* DATA SUPPLIED:
%%

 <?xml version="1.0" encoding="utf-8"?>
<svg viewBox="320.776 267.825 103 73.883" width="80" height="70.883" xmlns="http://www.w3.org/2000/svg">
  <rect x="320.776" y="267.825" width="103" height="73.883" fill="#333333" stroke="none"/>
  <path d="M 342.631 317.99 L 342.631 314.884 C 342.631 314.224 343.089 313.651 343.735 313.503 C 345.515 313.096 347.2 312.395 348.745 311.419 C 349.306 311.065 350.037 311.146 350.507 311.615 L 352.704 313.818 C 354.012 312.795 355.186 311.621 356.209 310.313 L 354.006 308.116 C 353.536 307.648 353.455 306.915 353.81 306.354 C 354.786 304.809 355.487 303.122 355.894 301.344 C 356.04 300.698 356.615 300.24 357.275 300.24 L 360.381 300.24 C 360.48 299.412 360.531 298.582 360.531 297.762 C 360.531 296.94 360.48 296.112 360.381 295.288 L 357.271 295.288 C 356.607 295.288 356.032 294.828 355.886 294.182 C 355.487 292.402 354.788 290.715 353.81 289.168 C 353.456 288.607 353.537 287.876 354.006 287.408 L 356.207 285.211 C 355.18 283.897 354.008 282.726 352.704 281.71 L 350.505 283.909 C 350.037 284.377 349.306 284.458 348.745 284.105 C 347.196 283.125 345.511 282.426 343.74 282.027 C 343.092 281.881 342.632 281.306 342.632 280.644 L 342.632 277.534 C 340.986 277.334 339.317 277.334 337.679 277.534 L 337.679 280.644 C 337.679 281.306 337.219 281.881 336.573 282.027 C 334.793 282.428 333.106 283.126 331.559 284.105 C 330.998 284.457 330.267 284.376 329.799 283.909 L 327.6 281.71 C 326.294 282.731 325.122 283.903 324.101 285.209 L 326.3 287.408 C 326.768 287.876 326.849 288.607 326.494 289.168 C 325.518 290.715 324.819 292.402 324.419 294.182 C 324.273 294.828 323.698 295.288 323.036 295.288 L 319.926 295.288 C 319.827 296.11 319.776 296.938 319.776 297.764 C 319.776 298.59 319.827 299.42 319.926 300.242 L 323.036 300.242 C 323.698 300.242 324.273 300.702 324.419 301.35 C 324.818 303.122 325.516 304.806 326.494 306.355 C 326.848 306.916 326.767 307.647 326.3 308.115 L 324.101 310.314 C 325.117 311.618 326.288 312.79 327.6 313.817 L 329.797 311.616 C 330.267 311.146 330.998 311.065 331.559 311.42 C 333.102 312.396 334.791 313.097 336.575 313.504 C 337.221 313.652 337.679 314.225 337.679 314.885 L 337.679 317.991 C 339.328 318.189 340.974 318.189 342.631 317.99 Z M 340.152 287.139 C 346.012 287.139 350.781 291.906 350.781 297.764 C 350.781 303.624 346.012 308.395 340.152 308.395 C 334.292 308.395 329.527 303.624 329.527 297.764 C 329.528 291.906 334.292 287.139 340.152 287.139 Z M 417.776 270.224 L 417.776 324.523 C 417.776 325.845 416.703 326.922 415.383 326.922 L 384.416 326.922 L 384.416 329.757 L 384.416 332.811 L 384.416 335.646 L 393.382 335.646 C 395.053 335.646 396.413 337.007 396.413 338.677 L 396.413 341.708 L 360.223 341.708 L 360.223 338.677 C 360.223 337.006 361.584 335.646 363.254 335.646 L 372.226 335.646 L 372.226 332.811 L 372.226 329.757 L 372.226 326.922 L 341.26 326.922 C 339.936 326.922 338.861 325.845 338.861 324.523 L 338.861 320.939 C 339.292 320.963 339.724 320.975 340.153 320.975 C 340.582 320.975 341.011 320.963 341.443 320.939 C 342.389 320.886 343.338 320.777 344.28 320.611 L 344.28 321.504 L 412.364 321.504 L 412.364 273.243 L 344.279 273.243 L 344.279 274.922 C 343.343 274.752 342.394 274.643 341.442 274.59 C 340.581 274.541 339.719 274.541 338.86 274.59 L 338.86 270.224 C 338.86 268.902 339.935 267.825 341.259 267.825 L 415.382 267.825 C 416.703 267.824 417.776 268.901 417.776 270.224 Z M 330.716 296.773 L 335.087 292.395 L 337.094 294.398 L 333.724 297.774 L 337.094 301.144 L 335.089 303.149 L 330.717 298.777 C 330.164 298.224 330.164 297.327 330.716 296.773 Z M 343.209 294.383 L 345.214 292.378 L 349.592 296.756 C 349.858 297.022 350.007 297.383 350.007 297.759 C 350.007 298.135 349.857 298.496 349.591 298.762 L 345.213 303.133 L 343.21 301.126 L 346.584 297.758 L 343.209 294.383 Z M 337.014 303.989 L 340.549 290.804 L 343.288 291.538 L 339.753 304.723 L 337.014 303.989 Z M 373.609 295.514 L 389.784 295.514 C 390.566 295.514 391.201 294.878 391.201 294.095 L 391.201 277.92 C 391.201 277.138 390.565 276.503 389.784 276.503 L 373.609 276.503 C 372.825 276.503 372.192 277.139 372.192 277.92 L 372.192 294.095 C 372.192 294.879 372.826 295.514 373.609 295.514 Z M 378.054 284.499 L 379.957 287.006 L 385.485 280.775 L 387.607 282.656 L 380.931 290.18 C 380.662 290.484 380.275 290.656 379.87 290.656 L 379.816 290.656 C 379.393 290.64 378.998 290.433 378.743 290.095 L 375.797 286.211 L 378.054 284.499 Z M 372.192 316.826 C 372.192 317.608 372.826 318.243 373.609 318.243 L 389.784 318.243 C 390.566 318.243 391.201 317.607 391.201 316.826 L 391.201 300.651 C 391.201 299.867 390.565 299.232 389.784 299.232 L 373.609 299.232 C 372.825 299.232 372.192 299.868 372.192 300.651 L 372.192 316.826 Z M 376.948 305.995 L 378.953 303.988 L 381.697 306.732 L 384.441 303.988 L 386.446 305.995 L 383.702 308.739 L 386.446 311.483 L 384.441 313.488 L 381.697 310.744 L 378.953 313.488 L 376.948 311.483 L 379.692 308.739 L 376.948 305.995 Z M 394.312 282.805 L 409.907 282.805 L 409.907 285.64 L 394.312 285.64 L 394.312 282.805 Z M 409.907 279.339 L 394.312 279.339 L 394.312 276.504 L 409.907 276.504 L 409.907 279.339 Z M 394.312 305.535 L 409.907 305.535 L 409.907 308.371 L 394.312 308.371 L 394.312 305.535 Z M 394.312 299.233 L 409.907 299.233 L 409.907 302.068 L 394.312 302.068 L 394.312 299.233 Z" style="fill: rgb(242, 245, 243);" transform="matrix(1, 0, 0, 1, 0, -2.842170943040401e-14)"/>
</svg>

%%

* EXERCISE:
What lines above contain the string "width"? Copy all of them.

* SOLUTION BELOW:
<svg viewBox="320.776 267.825 103 73.883" width="80" height="70.883" xmlns="http://www.w3.org/2000/svg">
  <rect x="320.776" y="267.825" width="103" height="73.883" fill="#333333" stroke="none"/>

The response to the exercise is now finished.